Successivement la division d’annulation et la chambre de recours ont accueilli l’opposition ;

L’affaire vient devant le Tribunal de l’Union qui par son arrêt du 31 janvier 2019,  , annule la décision de la Chambre de l’Office

Pour le Tribunal l’élément verbal Pearl n’est pas négligeable

……Bien que l’élément verbal « pear » soit plus petit que la représentation de la poire, placée au-dessus de celui-ci, et soit écrit dans une police de caractères particulière, il ne saurait échapper à l’attention du public pertinent. Sa taille est assez grande pour que le public pertinent le remarque au premier abord, ce qui est renforcé par le fait que cet élément verbal est écrit en lettres majuscules. En outre, la couleur grise et la police de caractères employée ne permettent pas de remettre en cause le fait que le mot « pear » sera clairement lisible pour le public pertinent.

34      Par ailleurs, il y a lieu de relever que, contrairement à ce que semble avoir indiqué la chambre de recours à la fin du point 28 de la décision attaquée, le fait qu’une partie du public pertinent comprend la signification du terme anglais « pear » ne permet pas de conclure que, sur le plan visuel, l’élément verbal « pear » de la marque demandée est négligeable dans l’impression d’ensemble produite par celle-ci. Ce constat vaut d’autant plus pour la partie du public pertinent qui ne comprend pas la signification dudit terme.

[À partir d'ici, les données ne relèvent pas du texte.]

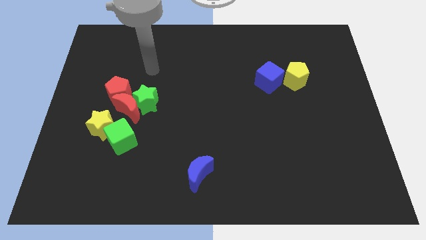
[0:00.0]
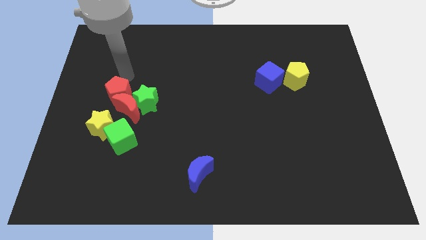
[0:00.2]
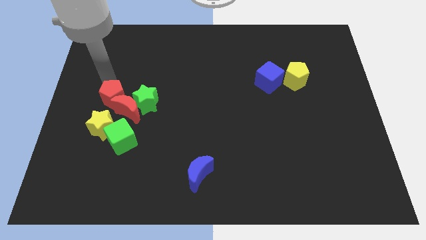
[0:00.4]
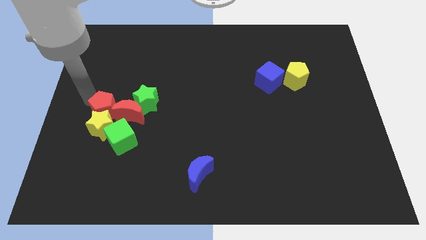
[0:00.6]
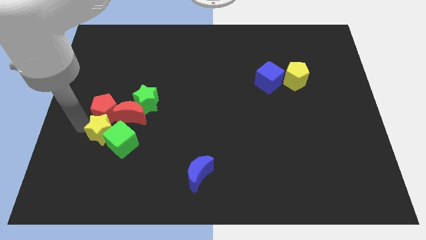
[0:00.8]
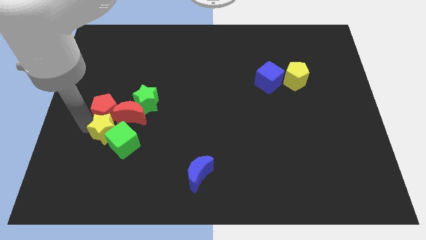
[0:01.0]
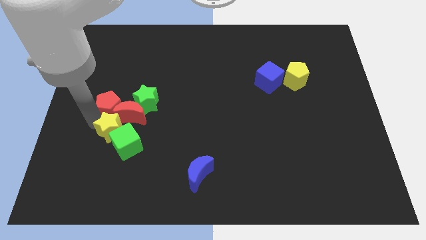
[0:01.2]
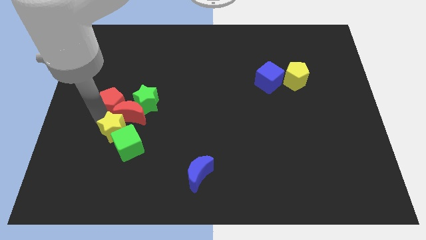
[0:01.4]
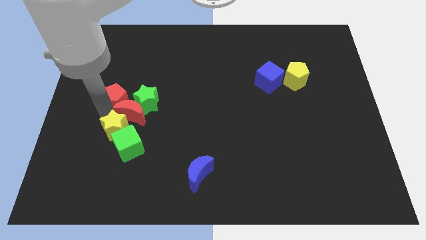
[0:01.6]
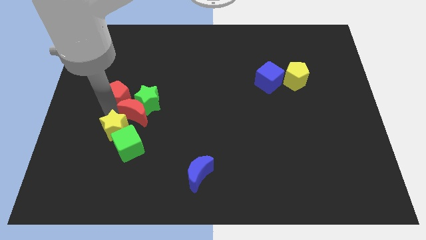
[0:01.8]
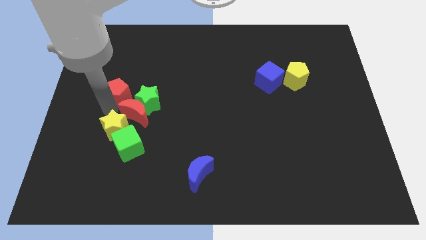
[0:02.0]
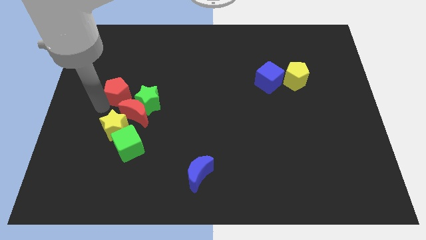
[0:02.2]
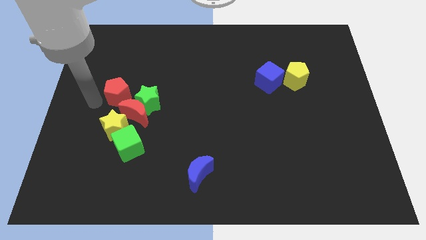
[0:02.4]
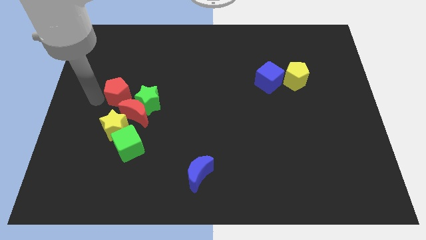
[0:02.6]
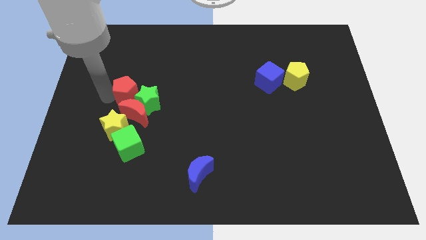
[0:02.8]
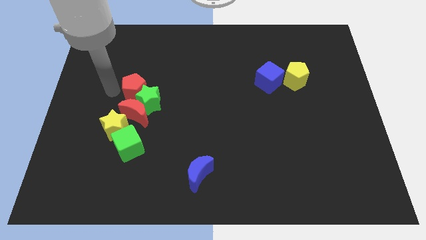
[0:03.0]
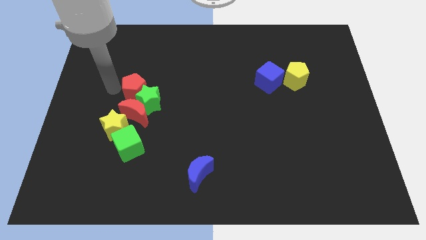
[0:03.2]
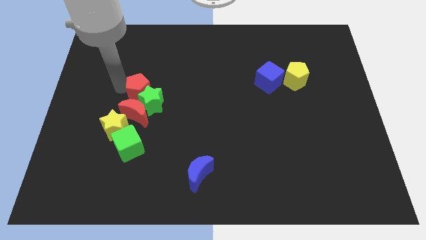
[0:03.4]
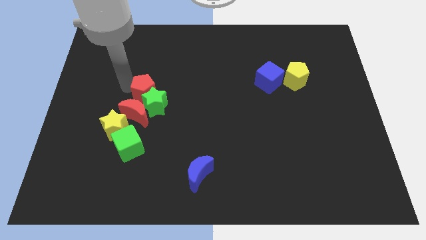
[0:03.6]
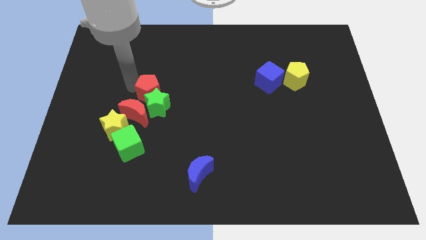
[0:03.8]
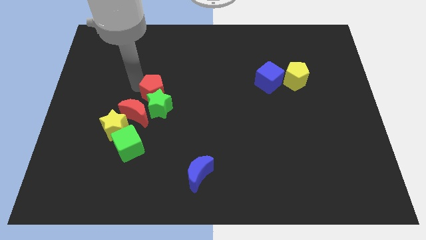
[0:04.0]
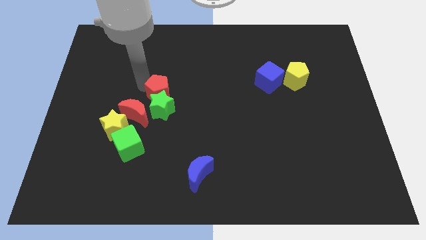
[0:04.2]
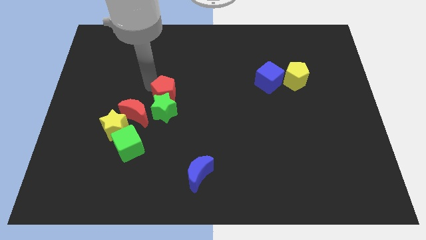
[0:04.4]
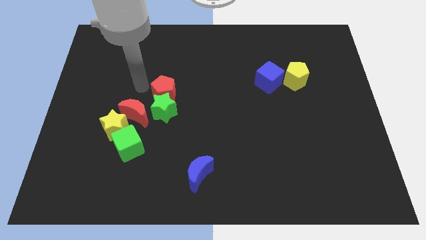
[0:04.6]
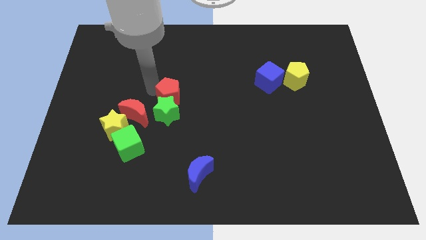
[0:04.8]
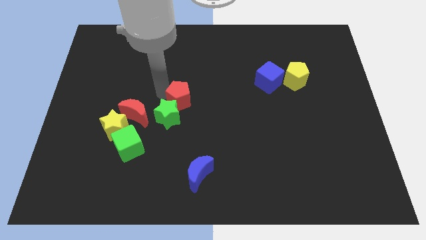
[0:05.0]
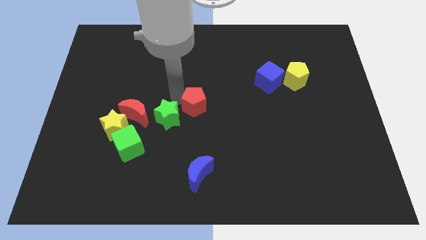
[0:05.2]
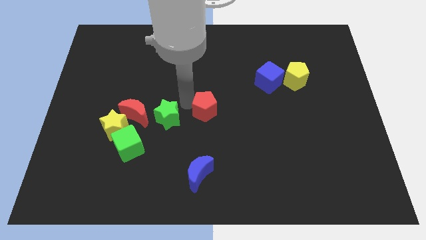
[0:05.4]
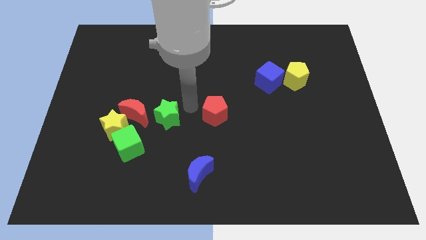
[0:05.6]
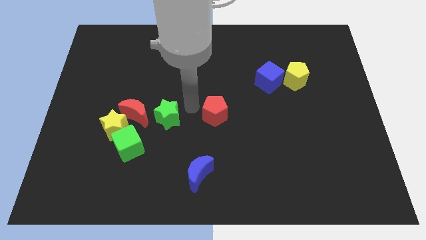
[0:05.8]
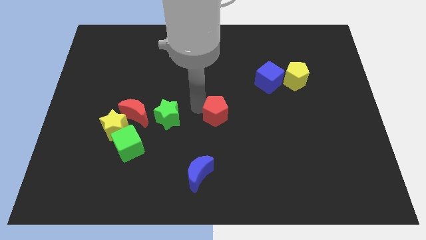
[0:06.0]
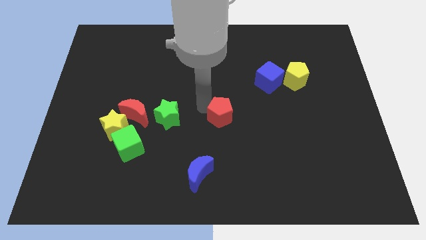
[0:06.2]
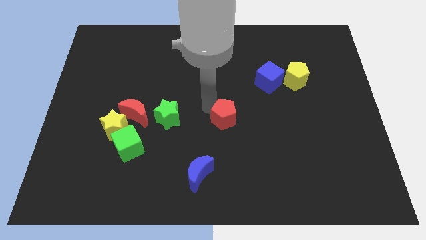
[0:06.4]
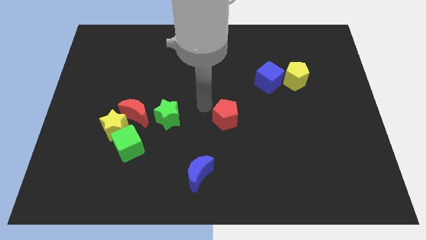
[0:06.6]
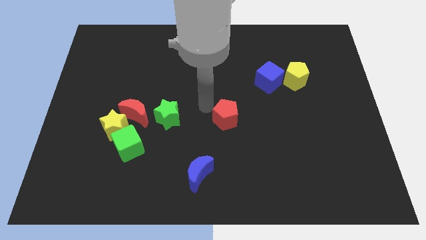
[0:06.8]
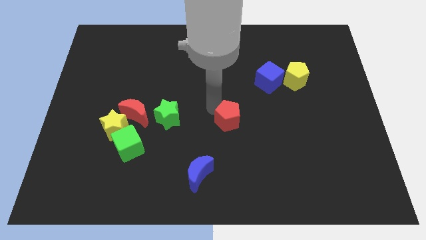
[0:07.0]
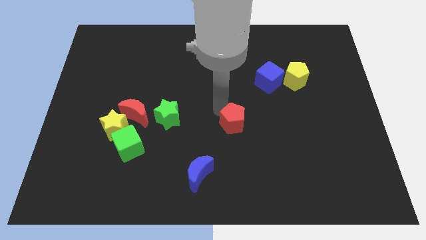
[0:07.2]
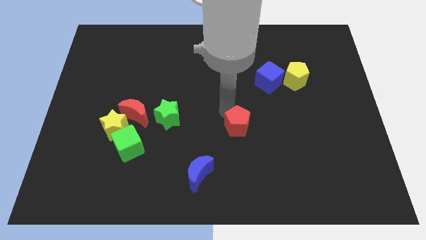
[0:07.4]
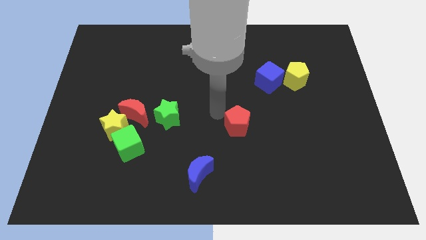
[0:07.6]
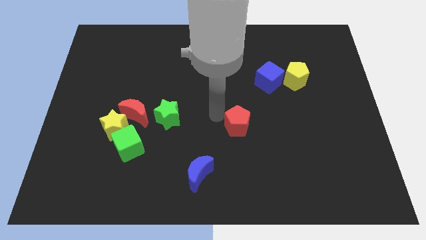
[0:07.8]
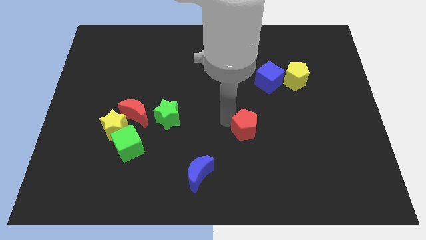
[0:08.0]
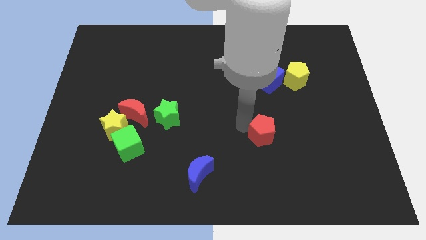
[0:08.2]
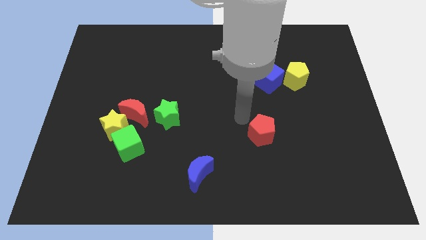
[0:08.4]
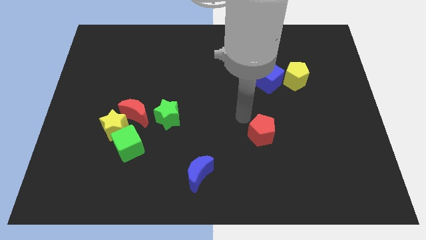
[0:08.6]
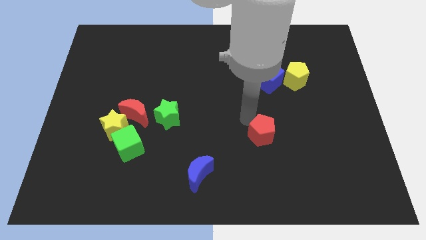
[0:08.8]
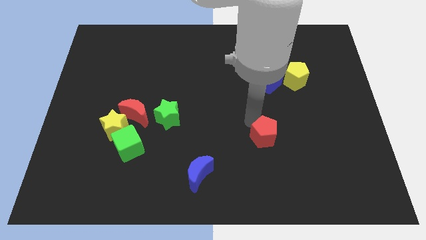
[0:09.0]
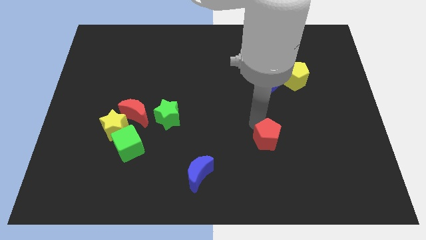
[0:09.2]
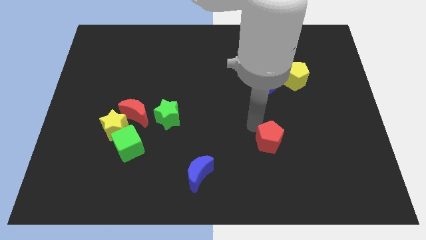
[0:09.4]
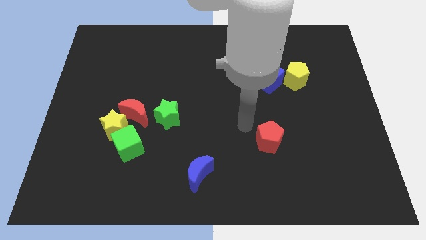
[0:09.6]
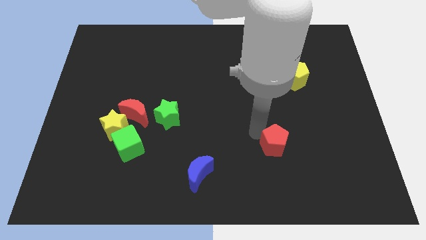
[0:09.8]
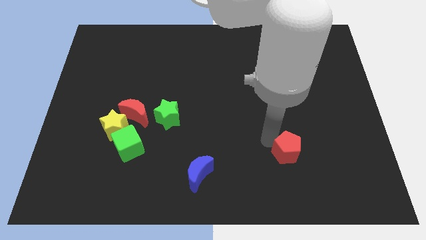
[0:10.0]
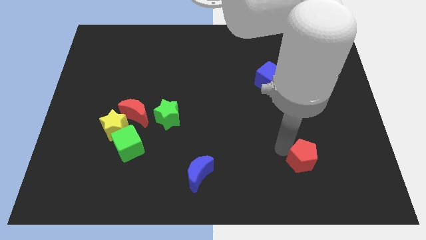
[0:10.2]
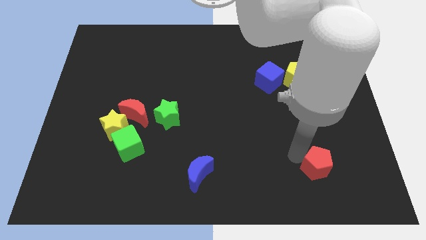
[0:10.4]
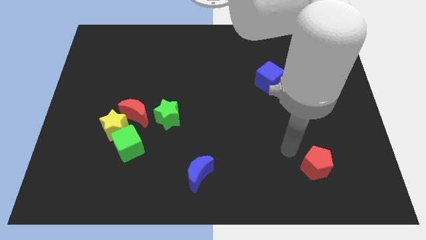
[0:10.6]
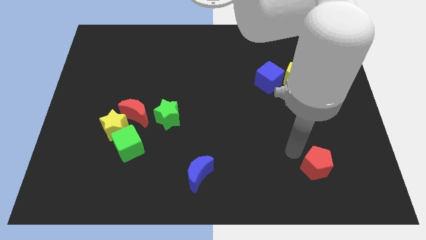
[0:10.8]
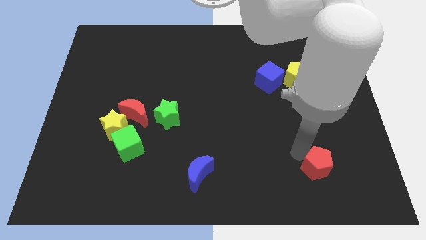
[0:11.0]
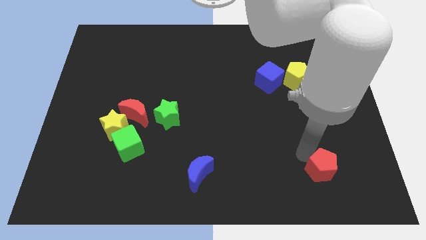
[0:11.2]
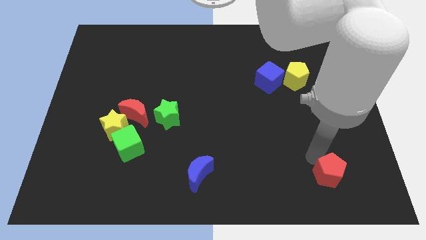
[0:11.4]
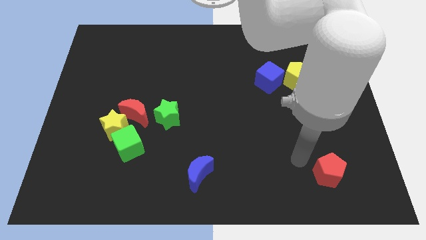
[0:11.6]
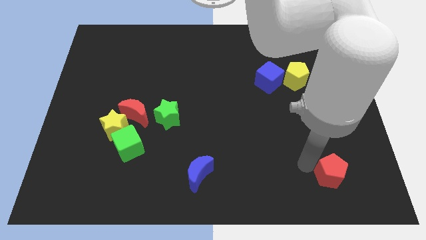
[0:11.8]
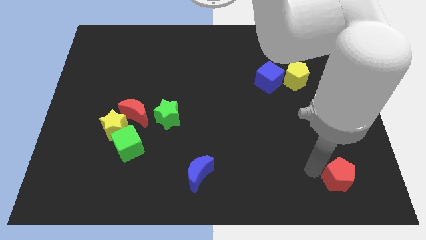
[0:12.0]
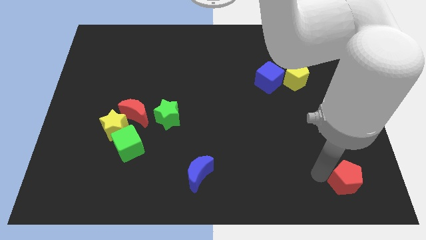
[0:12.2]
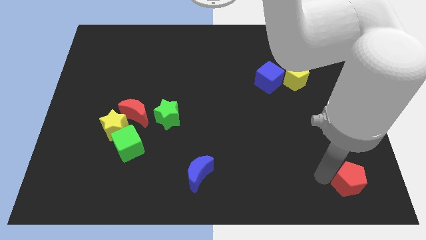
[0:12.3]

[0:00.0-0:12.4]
move the red pentagon to the bottom right corner

36      Dans ces conditions, il convient de constater que l’élément verbal de la marque demandée contribue nettement à déterminer l’image de la marque que le public pertinent gardera en mémoire, de sorte qu’il ne peut pas être considéré comme étant négligeable lors de la comparaison des marques en cause sur le plan visuel.

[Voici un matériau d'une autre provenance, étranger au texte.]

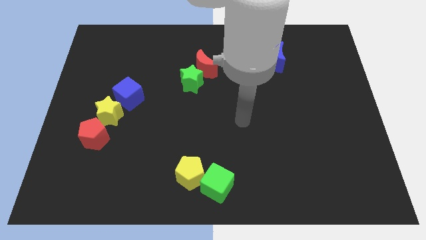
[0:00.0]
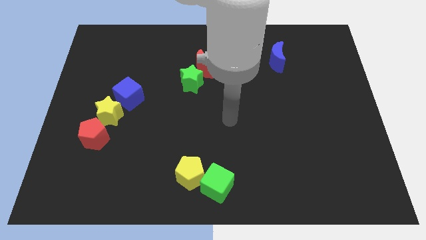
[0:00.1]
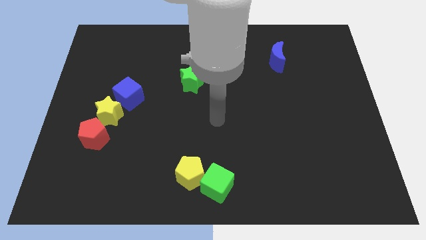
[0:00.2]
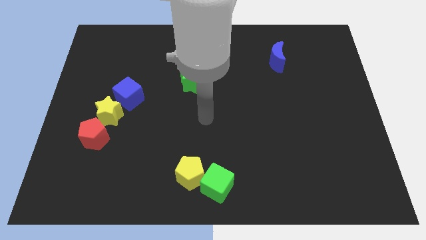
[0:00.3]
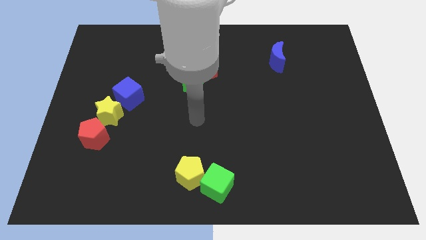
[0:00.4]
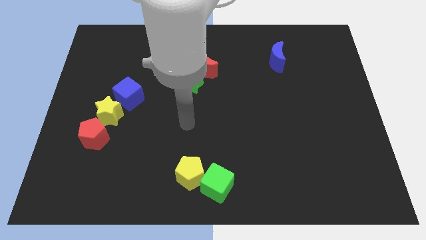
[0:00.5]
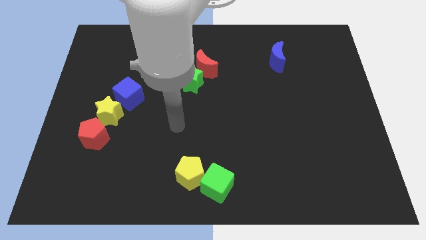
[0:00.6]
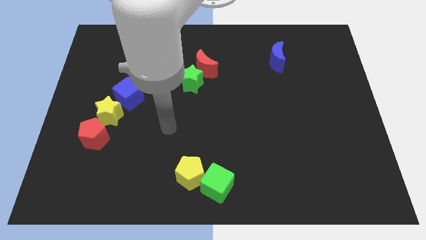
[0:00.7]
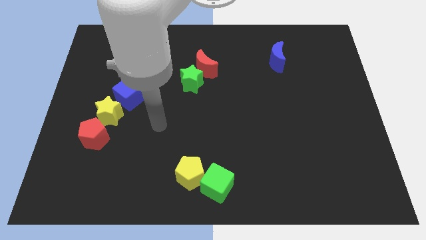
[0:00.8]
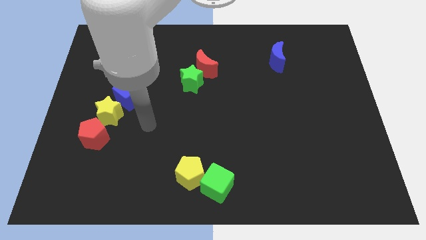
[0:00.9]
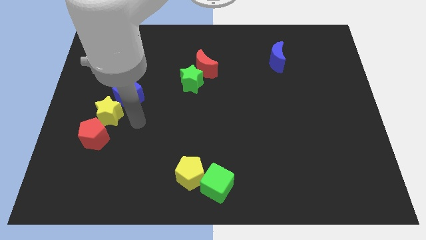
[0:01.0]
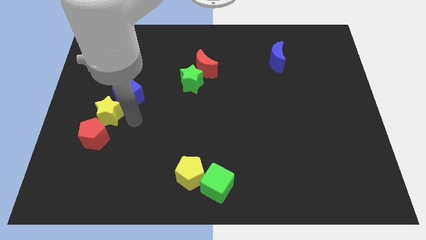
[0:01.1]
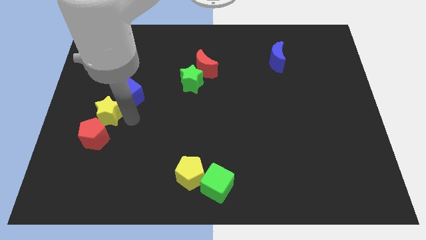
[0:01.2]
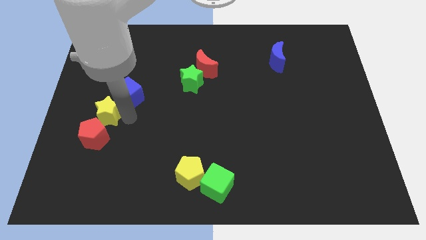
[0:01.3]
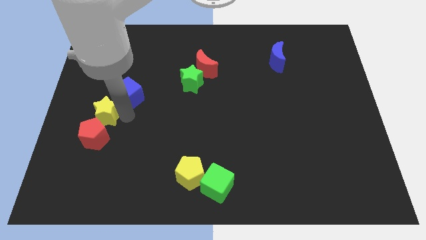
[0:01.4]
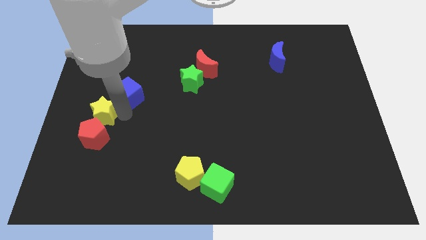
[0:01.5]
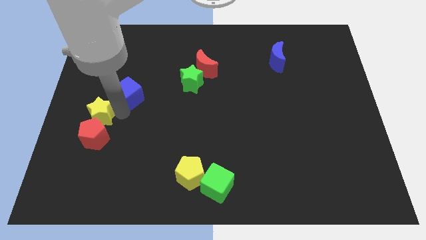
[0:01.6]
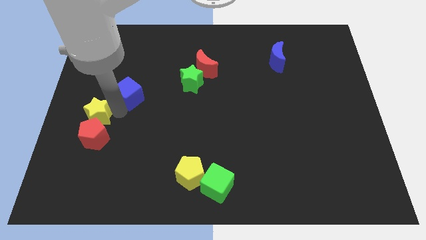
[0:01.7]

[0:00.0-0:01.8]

La marque antérieure est relative à une pomme

  S’agissant, en second lieu, de l’impression globale produite par la marque antérieure sur le plan visuel, il convient de constater, premièrement, qu’il s’agit d’une marque figurative composée de deux éléments figuratifs de couleur noire. Le premier élément a la forme d’une pomme, sur le côté droit de laquelle il manque une partie en forme de demi-cercle. D’un point de vue visuel, il sera perçu comme la représentation d’une pomme dans laquelle il a été mordu. Le deuxième élément, placé au-dessus et au centre du premier, a une forme elliptique pointue et est incliné vers la droite selon un angle d’environ 45 degrés.

…..

39      Tout d’abord, il convient de relever que, dans la mesure où la question de savoir si un élément figuratif sera immédiatement perçu comme représentant un objet familier pour le public pertinent est susceptible d’avoir un impact sur l’image de la marque antérieure que le public gardera à l’esprit, cet aspect n’est pas, contrairement à ce que soutiennent l’EUIPO et l’intervenante, dépourvu de pertinence lors de la comparaison visuelle des marques en conflit. Ensuite, il y a lieu de rappeler que le deuxième élément figuratif de la marque antérieure possède une forme elliptique et pointue. Cette forme rappelle davantage l’une des formes habituelles d’une feuille et non celle d’une tige. Par ailleurs, il y a lieu d’observer que toutes les parties à la présente affaire partagent, en principe, ce point de vue.

40      Prise dans son ensemble, la marque antérieure sera donc perçue par le public pertinent comme représentant une pomme, dans laquelle il a été mordu, surmontée d’une feuille.

52      ……………En effet, leurs seuls points communs sont la présence de la couleur noire et le positionnement similaire des éléments figuratifs placés au-dessus des représentations de la pomme et de la poire qui, d’ailleurs, passera probablement inaperçu auprès du public pertinent pour les raisons exposées au point 44 ci-dessus. En outre, dans le cadre de la comparaison des marques en conflit, considérées chacune dans son ensemble, il y a également lieu de tenir compte des différences claires existant entre les marques en cause sur le plan visuel.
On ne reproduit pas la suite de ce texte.